In Rite Aid v. Levy-Gray, Maryland's highest court recently ruled that a pharmacy may be held liable for breach of warranty on the basis of statements it makes in package inserts for prescriptions that it fills. In doing so, the Maryland Court of Appeals became the first state appellate court to reach such a conclusion.

A. Levy-Gray's Complications

Ellen Levy-Gray's physician diagnosed her with Lyme disease and prescribed the antibiotic doxycycline. She filled the prescription at a Rite Aid Pharmacy. Rite Aid inserted an information package that directed Ms. Levy-Gray to take each dose with a glass of water or "with food or milk if stomach upset occurs unless your doctor directs you otherwise."

Although Ms. Levy-Gray took the first dose of doxycycline with water, the following day she started taking the medicine with milk because she had experienced an upset stomach. In fact, since she hoped to resume breastfeeding her newborn after her course of treatment, Ms. Levy-Gray consumed 8-10 glasses of milk per day plus many other dairy products. Her symptoms improved, but she never fully recovered.

Ms. Levy-Gray was subsequently diagnosed with post-Lyme syndrome, a chronic autoimmune response in which patients experience symptoms that mimic Lyme disease, but without an active bacterial infection. Ms.

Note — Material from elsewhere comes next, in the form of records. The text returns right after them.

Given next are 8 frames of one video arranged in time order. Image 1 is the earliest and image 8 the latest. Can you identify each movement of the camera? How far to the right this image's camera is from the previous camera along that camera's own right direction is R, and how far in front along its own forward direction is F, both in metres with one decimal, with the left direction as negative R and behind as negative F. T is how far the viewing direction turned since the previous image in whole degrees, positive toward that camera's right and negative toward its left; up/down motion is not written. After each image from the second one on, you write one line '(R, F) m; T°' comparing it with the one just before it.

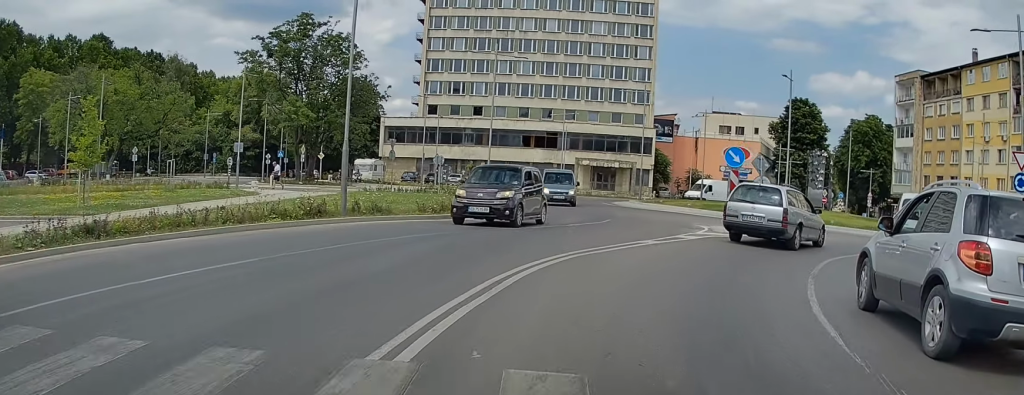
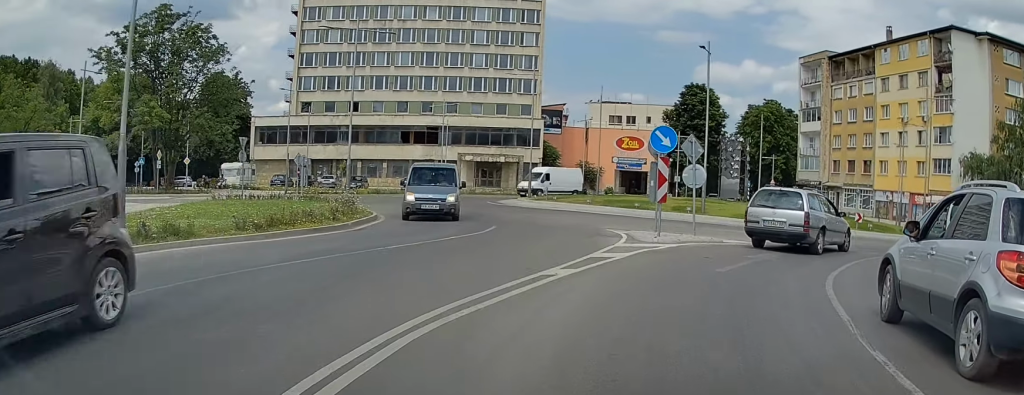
(+0.2, +5.7) m; +9°
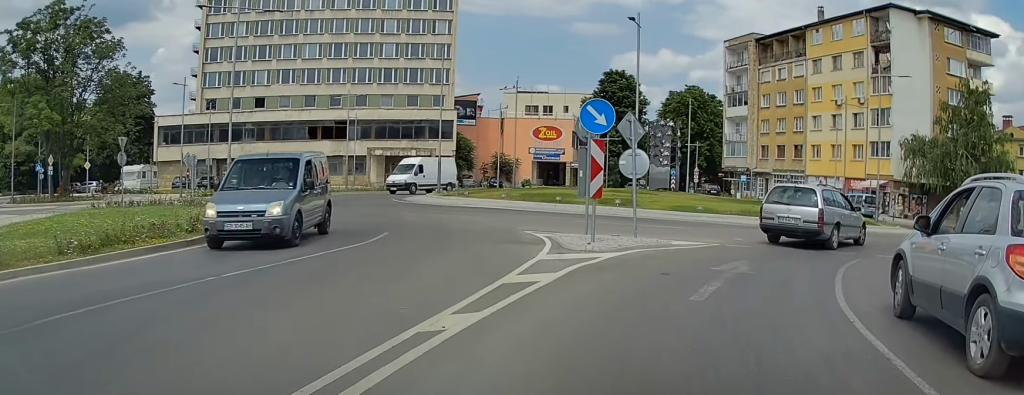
(+0.4, +3.6) m; +6°
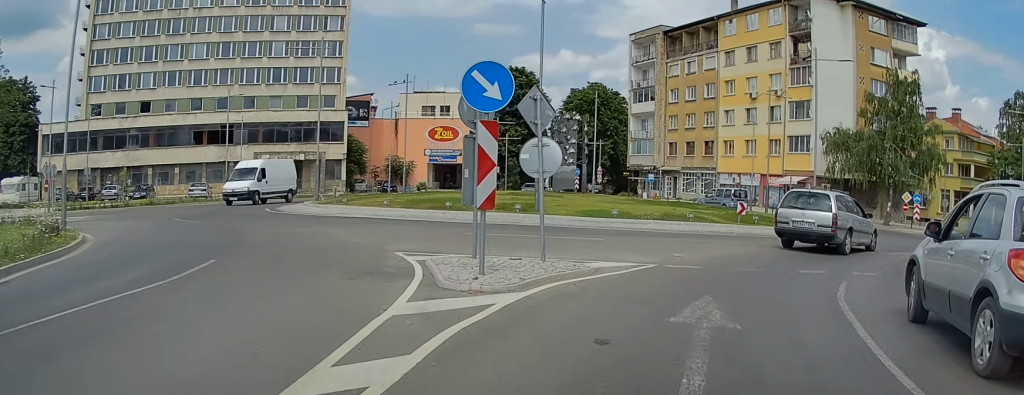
(+0.3, +4.0) m; +8°
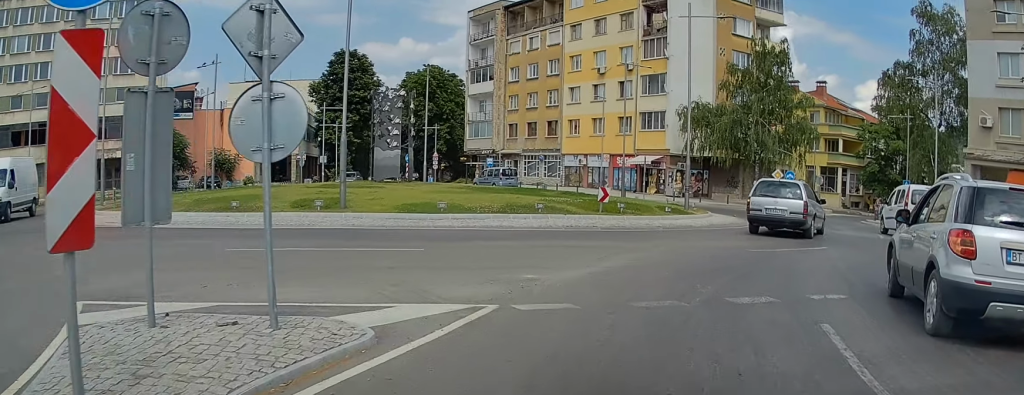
(+0.4, +5.1) m; +12°
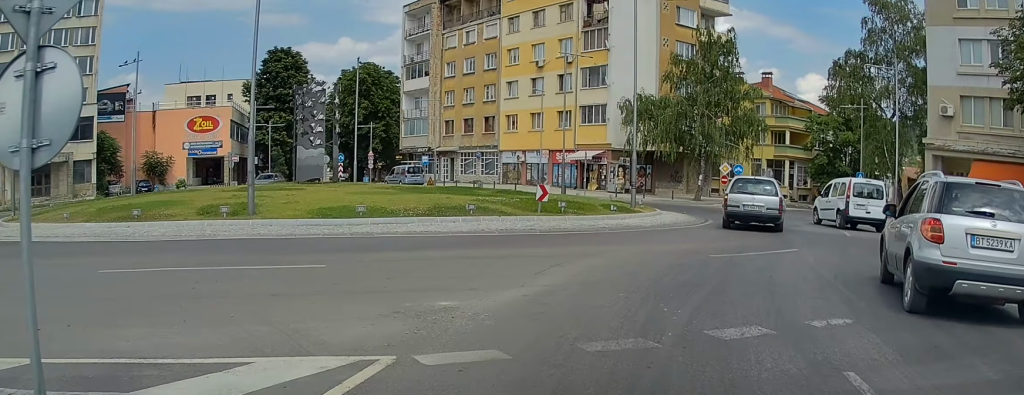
(+0.3, +2.3) m; +6°
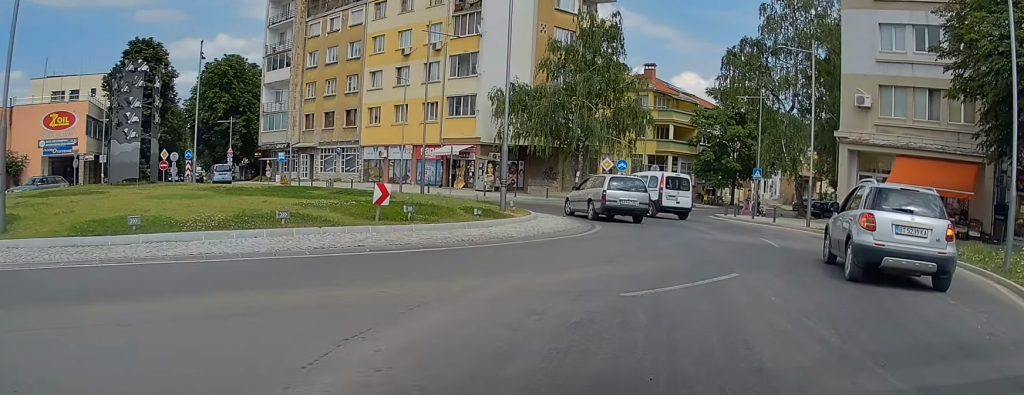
(+0.3, +5.4) m; +10°
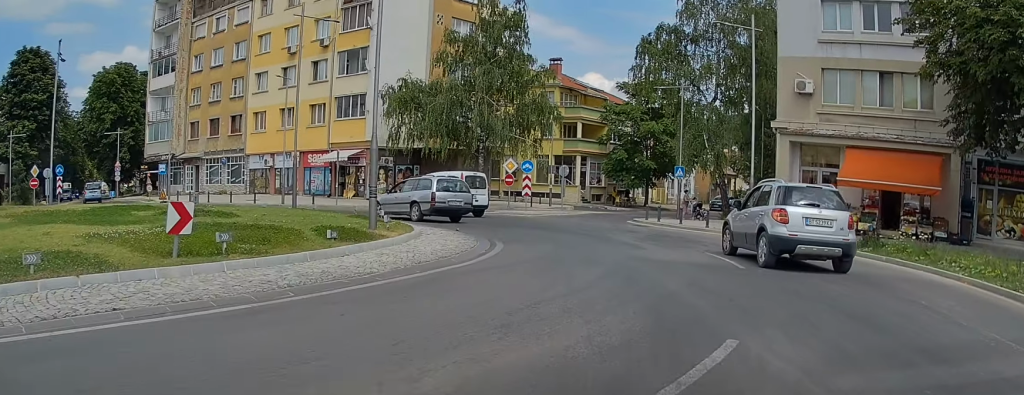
(+0.5, +4.6) m; +12°

Levy-Gray alleged that her consumption of milk and other dairy products while taking doxycycline, consistent with the information provided by Rite Aid, reduced the absorption of the drug, and prevented its effective operation, thereby causing her post-Lyme syndrome.

B. Breach of Warranty

A breach of express warranty claim provides a remedy for consumers who are injured by products that fail to conform to representations made about them by their manufacturers or sellers. In such cases, it is unnecessary for the injured party to prove that the representation was negligently made, which was significant in this case because the Rite Aid insert was derived from FDA approved language that was developed by the drug's manufacturer.

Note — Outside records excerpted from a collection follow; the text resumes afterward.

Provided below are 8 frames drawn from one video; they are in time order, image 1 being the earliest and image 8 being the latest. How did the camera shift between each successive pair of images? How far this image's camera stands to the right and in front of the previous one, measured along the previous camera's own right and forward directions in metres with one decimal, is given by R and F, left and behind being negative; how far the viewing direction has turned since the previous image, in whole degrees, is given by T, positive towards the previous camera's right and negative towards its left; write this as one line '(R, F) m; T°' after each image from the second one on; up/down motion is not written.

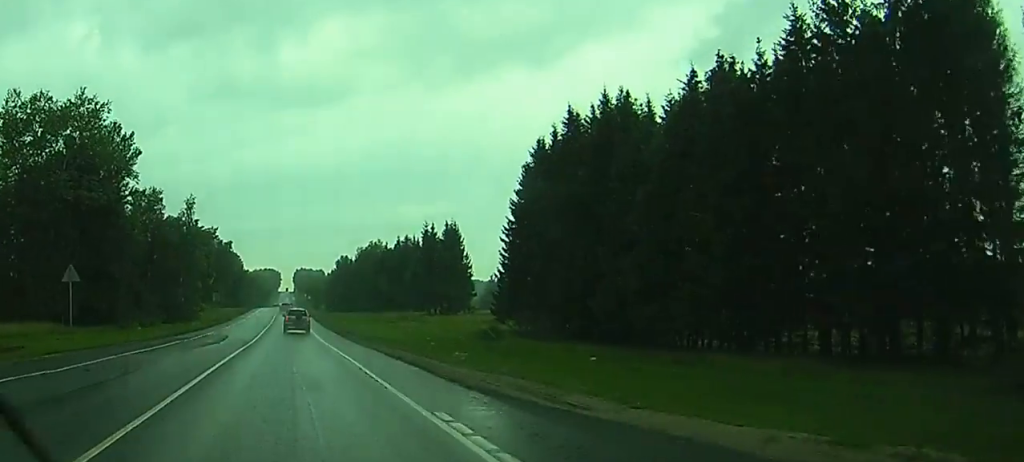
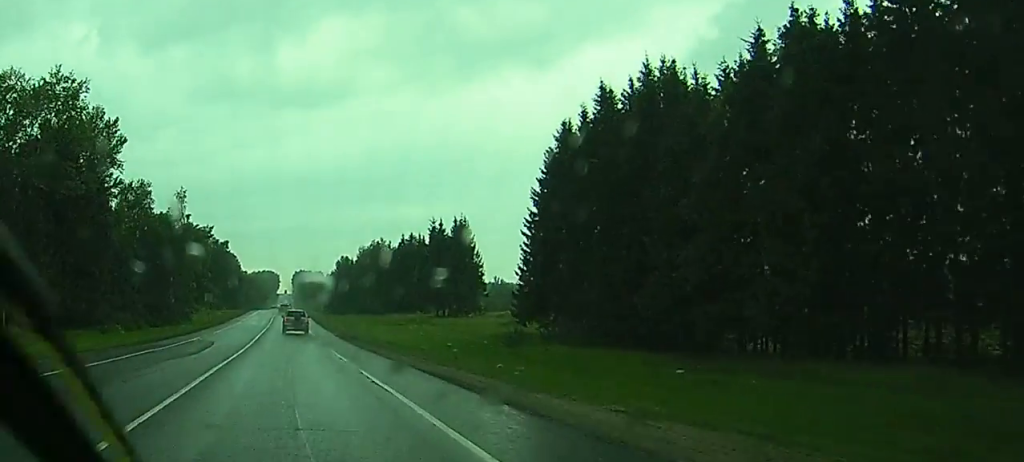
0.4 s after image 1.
(0.0, +9.1) m; 0°
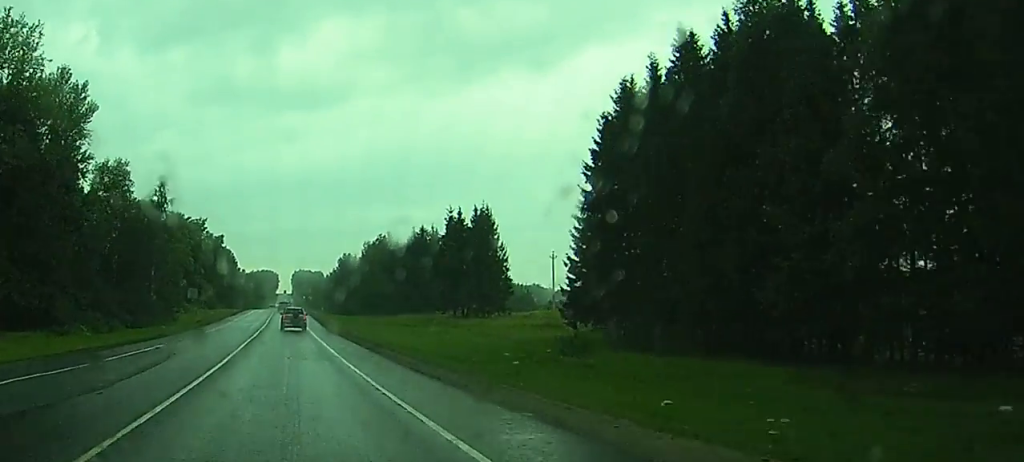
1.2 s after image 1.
(-0.1, +15.5) m; -1°
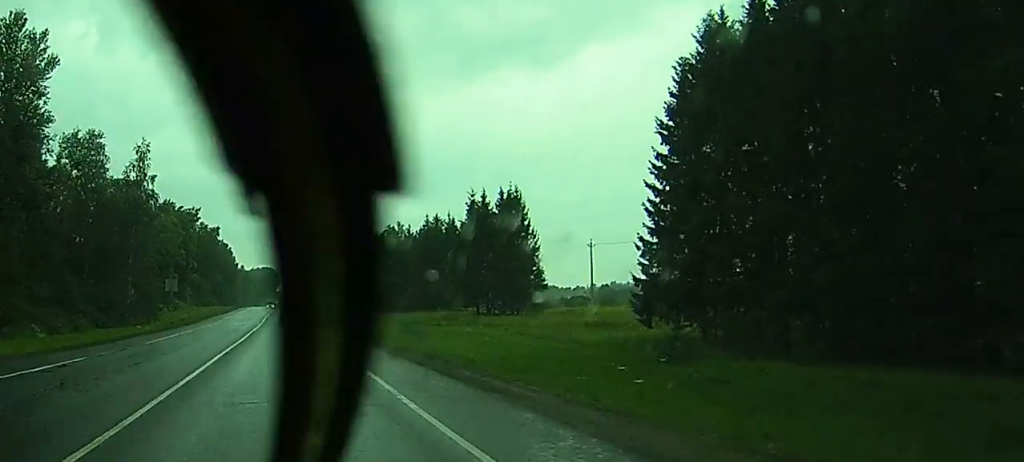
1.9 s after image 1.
(-0.1, +14.9) m; 0°
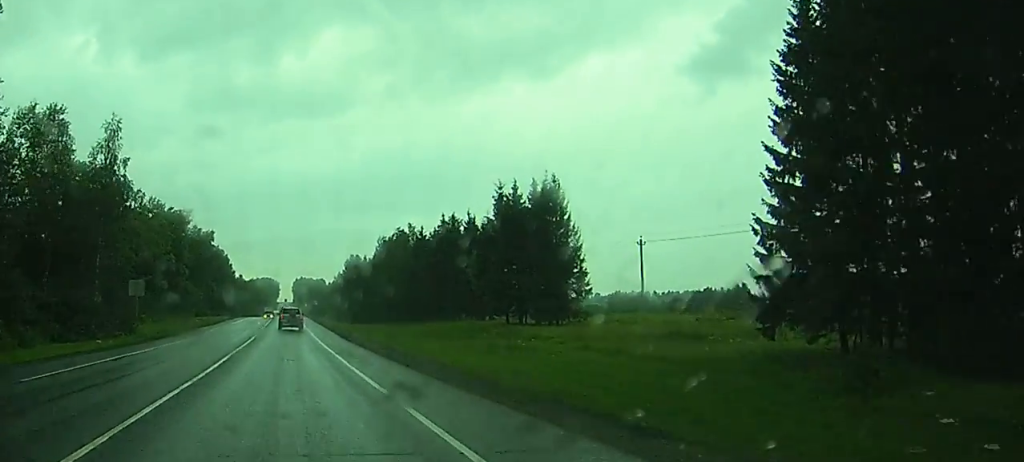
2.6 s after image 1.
(0.0, +15.0) m; 0°
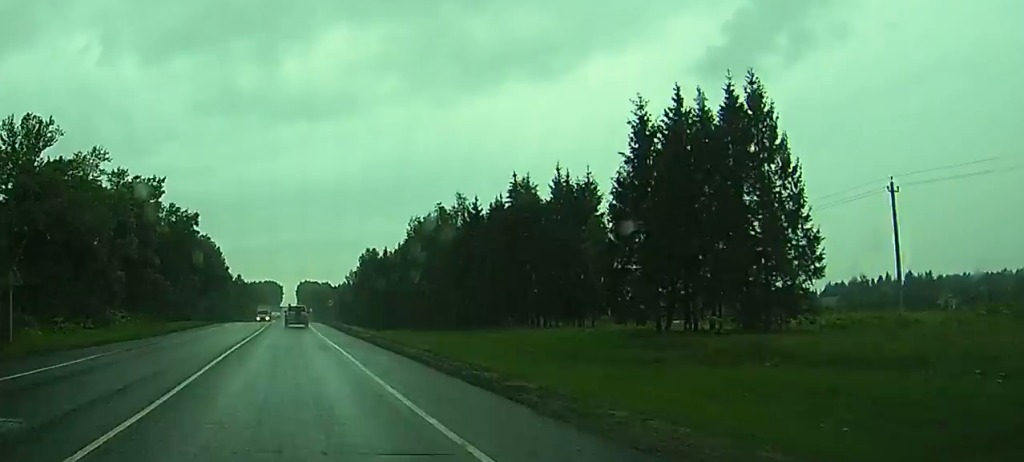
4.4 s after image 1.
(+0.4, +39.6) m; +1°
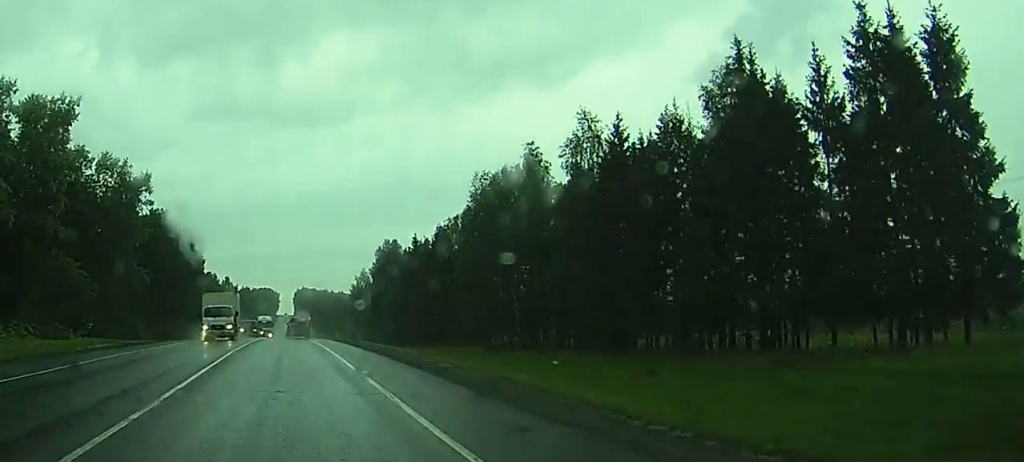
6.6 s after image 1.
(+0.1, +47.6) m; 0°
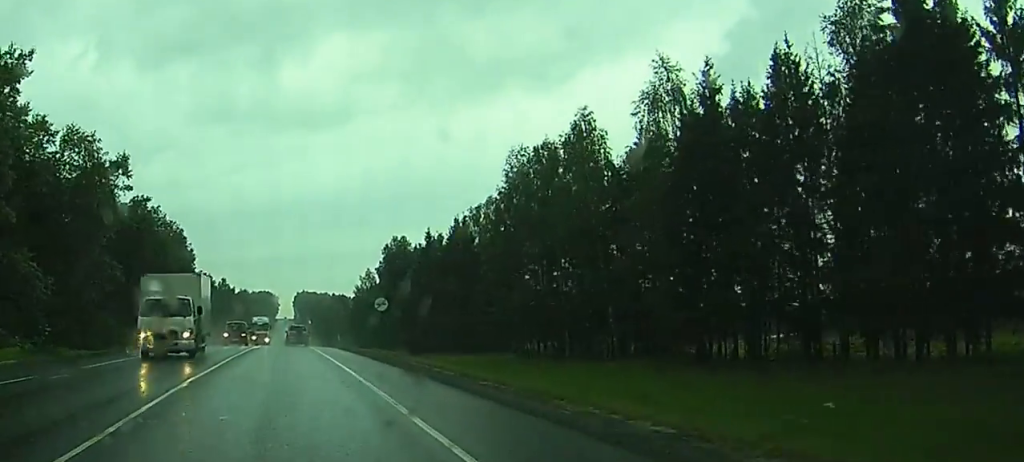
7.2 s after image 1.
(-0.1, +13.7) m; 0°

Ms. Levy-Gray sued Rite Aid alleging that the statement in the Rite Aid package insert that doxycycline could be taken with food or milk in the event of an upset stomach constituted an express warranty that she could consume dairy products without altering the drug's effectiveness. She argued that she developed post-Lyme syndrome because she relied on that statement and consumed dairy products while she was taking the medication. By its verdict in favor of Ms. Levy-Gray with respect to her breach of warranty claim, the jury evidently agreed with her, and the Maryland Court of Appeals upheld that verdict.

C. Learned Intermediary Doctrine

One of the arguments Rite Aid made on appeal was that the learned intermediary doctrine should bar Ms. Levy-Gray from recovering damages from Rite Aid under an express warranty theory. That doctrine was originally developed as a defense for drug and medical device manufacturers. The defense obliges manufacturers to warn health care providers, but not their patients, about risks attendant to the use of prescription drugs.

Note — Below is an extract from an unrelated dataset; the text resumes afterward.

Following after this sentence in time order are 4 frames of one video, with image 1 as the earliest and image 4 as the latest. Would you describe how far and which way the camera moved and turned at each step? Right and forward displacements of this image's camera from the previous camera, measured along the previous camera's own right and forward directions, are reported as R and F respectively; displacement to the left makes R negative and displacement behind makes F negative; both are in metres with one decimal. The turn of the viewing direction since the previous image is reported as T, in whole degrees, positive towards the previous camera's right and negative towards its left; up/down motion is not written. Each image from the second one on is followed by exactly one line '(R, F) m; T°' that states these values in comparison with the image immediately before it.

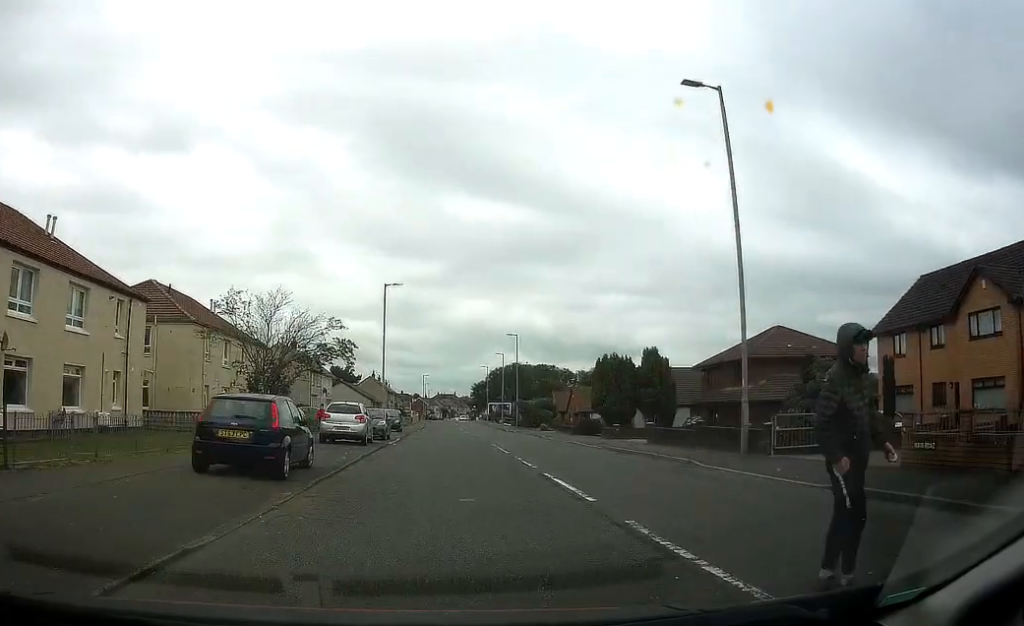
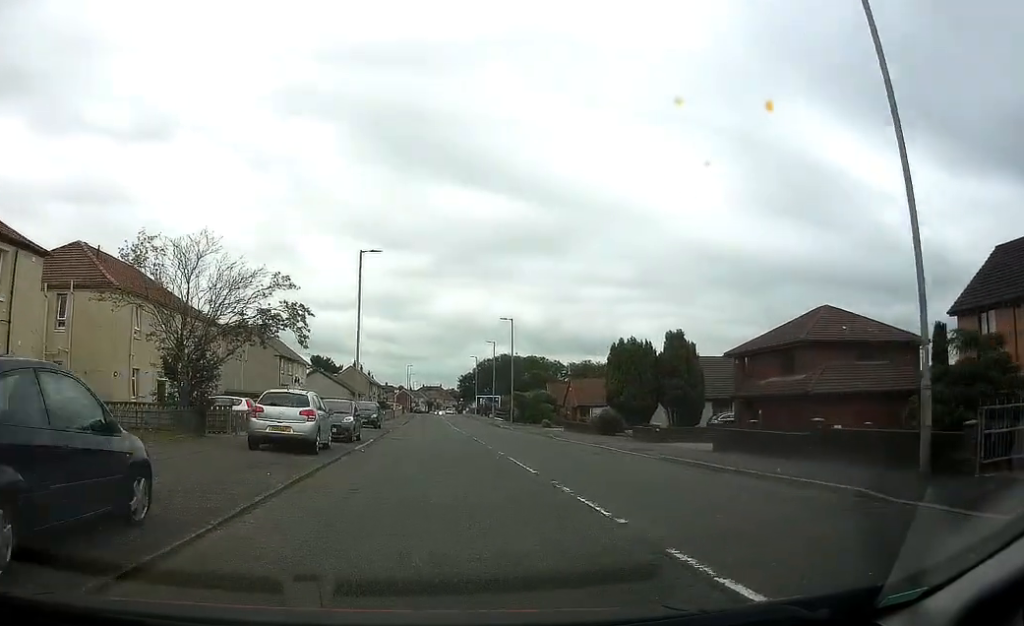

The doctrine assumes that only health care providers are in a position to understand the risks of prescription based therapies. Accordingly, as long as the manufacturer provides good information to the prescribing doctors, patients cannot successfully sue the manufacturer.

A number of courts have extended the learned intermediary doctrine to provide a defense to pharmacies and pharmacists. In those jurisdictions, the physician, and not the pharmacy, has a duty to supply the patient with appropriate information so that the patient can make an informed choice as to whether to proceed with recommended therapy. Therefore, pharmacists cannot be held liable for their failure to warn their customers about prescription medication's operative properties.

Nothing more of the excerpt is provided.